§ **Problem details**
Wherever the word "diagram" shows up in the data, report the line it sits in.

Given data below:

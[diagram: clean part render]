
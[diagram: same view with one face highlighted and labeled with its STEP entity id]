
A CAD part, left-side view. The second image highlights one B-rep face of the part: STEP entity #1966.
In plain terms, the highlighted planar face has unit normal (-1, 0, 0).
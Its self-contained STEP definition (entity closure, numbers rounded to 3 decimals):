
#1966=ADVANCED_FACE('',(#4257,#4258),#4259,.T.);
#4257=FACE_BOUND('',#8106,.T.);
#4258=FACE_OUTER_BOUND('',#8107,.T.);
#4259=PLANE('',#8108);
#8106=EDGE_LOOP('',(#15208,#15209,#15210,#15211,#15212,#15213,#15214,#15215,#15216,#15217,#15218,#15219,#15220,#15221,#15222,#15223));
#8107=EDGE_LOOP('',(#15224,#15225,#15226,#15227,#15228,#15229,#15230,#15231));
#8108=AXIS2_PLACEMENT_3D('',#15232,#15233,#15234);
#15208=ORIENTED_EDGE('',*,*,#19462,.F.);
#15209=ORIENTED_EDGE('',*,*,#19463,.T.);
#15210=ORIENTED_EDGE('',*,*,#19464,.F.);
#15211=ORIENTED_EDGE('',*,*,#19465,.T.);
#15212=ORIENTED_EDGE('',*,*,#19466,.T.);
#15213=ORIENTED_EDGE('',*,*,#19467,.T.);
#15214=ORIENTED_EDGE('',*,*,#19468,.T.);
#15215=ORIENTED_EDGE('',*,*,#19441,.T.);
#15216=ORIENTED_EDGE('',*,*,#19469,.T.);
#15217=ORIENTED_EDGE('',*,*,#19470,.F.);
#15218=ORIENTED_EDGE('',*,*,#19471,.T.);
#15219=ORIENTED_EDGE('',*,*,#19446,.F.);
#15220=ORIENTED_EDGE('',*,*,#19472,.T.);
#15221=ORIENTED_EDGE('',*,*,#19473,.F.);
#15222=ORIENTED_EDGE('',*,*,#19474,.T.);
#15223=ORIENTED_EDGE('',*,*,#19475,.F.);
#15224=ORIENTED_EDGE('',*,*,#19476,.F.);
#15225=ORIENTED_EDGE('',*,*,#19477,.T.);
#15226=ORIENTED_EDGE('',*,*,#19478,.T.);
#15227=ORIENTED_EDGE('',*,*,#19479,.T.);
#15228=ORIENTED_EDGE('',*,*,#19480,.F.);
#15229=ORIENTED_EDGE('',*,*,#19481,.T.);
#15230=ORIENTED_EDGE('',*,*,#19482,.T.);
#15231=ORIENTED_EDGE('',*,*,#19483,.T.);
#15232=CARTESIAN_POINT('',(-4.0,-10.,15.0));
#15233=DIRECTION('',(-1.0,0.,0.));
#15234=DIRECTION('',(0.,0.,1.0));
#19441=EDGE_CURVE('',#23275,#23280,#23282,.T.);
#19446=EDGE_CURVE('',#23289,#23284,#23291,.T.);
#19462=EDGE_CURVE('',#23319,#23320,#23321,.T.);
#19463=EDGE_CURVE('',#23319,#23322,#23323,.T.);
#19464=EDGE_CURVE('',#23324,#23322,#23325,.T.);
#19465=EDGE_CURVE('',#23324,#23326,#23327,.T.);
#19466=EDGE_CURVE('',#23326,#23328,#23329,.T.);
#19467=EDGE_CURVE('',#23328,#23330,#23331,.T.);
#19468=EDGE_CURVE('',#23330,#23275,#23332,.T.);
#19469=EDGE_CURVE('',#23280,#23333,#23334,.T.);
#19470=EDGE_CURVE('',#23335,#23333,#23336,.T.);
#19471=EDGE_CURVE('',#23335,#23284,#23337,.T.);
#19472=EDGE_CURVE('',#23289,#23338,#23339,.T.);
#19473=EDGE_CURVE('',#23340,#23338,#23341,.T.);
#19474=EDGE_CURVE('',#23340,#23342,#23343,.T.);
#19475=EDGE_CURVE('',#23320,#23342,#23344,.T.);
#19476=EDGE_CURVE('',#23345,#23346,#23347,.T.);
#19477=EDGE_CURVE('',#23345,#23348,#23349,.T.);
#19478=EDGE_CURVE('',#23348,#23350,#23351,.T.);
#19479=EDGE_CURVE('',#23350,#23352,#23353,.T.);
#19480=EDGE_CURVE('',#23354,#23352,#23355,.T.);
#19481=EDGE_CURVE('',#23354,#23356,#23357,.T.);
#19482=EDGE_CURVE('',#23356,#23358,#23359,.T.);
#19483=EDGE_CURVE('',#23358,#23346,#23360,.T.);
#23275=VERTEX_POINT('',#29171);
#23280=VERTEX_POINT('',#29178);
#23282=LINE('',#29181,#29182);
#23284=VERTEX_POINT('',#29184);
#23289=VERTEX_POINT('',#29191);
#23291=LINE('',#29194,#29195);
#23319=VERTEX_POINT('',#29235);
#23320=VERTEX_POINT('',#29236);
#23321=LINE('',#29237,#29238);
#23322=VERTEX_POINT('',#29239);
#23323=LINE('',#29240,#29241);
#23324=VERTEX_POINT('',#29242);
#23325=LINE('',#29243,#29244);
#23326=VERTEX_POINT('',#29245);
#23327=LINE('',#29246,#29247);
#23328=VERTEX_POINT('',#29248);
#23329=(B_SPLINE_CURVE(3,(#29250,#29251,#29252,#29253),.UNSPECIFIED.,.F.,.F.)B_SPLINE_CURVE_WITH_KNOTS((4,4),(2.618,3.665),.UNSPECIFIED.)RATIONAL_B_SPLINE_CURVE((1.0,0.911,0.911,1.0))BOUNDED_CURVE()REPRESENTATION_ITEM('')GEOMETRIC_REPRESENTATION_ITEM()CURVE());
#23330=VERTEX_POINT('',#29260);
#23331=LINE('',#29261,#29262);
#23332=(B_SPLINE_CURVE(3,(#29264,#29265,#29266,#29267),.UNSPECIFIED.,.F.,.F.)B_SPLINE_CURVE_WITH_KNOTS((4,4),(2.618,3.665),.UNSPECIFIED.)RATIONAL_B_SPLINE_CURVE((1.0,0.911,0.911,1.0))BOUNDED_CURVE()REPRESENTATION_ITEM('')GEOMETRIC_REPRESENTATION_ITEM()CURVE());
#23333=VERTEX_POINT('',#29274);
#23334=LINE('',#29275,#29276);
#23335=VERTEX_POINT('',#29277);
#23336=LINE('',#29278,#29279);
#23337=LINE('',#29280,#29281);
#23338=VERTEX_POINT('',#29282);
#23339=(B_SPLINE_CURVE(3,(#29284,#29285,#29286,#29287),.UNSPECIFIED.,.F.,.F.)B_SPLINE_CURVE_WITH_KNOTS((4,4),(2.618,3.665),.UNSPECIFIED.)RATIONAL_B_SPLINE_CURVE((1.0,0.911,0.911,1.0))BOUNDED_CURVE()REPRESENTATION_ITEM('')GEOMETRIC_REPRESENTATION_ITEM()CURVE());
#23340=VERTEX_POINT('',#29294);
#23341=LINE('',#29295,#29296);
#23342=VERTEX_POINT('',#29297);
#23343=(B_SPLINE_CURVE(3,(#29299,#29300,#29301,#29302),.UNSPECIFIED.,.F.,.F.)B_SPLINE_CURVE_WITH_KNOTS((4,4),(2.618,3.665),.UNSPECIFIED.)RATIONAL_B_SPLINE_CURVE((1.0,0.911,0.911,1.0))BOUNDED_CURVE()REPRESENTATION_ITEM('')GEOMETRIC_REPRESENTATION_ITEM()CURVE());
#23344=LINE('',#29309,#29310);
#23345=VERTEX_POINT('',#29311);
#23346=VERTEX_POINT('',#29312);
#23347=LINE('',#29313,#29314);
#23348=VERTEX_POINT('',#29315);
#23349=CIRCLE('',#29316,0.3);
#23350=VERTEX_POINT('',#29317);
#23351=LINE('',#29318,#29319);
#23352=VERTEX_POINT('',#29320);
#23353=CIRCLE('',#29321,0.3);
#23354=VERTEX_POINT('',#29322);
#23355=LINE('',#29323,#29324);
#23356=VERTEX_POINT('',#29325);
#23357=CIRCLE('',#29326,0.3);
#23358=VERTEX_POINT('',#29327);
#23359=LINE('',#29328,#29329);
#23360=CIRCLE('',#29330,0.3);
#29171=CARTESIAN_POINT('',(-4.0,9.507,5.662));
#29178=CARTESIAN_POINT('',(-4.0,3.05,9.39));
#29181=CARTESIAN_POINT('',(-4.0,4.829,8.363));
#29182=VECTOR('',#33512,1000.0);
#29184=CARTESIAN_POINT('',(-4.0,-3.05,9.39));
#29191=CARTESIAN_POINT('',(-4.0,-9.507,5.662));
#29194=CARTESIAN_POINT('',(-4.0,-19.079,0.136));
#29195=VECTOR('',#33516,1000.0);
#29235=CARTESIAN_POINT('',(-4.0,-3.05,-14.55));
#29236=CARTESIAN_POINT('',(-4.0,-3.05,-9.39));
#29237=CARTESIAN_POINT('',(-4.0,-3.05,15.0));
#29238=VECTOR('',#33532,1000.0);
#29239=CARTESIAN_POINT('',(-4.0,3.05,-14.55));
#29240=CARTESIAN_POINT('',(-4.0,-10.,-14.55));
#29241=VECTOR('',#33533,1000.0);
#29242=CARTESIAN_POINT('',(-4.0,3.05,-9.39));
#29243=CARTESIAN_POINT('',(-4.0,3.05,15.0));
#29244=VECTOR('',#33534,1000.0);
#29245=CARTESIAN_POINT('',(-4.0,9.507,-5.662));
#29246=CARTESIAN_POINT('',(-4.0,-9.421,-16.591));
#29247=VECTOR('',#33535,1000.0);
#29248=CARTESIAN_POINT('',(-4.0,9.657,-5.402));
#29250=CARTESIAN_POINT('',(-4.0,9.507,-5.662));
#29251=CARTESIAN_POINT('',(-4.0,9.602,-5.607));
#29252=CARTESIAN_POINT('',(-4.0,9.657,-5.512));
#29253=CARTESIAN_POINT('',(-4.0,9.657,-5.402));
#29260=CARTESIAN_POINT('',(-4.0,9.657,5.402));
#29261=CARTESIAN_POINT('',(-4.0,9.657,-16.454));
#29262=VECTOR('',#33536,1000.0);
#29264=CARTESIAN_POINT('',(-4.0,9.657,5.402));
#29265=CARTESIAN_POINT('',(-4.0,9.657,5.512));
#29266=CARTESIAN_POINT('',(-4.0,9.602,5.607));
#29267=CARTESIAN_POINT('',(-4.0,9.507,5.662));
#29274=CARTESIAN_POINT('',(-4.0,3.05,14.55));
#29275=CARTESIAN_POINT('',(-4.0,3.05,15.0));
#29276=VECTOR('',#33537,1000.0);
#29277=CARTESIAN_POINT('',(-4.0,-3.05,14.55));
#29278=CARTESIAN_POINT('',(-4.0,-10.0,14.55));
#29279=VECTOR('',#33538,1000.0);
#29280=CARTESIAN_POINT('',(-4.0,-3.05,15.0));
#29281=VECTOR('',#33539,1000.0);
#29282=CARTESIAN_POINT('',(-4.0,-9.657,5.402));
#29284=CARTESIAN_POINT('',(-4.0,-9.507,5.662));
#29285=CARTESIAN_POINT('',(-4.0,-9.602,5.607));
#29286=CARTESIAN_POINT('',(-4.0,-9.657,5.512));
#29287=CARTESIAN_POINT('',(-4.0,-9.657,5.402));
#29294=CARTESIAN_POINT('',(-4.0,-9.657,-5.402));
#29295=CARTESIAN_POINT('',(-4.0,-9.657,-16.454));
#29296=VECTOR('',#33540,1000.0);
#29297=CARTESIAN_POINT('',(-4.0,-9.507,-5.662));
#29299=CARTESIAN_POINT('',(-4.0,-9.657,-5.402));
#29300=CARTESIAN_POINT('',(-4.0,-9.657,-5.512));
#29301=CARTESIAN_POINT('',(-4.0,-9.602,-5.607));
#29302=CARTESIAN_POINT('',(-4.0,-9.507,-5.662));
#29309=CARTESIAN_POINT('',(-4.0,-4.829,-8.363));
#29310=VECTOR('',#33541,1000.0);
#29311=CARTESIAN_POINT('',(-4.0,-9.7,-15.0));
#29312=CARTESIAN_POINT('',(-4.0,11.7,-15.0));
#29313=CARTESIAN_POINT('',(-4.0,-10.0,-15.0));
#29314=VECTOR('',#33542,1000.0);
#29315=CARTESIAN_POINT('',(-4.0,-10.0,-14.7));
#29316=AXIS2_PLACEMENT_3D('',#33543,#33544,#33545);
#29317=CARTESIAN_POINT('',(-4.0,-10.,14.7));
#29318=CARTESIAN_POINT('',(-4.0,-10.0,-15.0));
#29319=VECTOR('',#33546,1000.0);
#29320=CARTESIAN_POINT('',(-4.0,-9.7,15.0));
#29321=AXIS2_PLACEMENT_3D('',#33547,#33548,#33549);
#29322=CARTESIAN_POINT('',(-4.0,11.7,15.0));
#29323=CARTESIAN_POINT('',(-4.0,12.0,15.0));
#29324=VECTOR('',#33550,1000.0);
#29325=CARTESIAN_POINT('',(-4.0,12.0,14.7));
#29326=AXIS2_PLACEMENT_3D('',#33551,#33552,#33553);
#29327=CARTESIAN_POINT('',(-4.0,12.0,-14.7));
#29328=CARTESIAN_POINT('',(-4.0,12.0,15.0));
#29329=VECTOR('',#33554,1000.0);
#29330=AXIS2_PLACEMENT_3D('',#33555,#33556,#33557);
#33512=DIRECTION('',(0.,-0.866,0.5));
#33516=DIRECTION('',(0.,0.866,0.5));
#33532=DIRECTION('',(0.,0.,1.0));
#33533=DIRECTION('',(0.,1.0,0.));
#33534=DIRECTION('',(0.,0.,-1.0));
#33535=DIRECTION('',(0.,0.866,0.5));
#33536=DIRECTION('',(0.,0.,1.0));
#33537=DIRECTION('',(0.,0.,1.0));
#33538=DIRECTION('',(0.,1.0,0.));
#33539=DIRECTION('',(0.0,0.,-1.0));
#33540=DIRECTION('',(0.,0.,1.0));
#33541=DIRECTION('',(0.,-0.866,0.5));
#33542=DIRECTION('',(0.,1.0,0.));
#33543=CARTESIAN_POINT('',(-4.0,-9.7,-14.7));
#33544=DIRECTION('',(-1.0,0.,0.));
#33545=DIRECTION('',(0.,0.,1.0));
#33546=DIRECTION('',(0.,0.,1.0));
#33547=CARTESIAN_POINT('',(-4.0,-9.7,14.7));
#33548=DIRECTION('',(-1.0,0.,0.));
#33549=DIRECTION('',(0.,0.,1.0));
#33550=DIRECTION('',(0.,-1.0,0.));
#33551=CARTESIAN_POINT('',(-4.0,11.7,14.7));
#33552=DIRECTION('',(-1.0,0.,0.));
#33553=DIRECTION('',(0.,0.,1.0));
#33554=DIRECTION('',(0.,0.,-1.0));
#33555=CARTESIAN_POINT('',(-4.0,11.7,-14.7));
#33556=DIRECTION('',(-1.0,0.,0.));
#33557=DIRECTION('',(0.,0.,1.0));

End of Given data.

§ **Result for this task**
[diagram: clean part render]
[diagram: same view with one face highlighted and labeled with its STEP entity id]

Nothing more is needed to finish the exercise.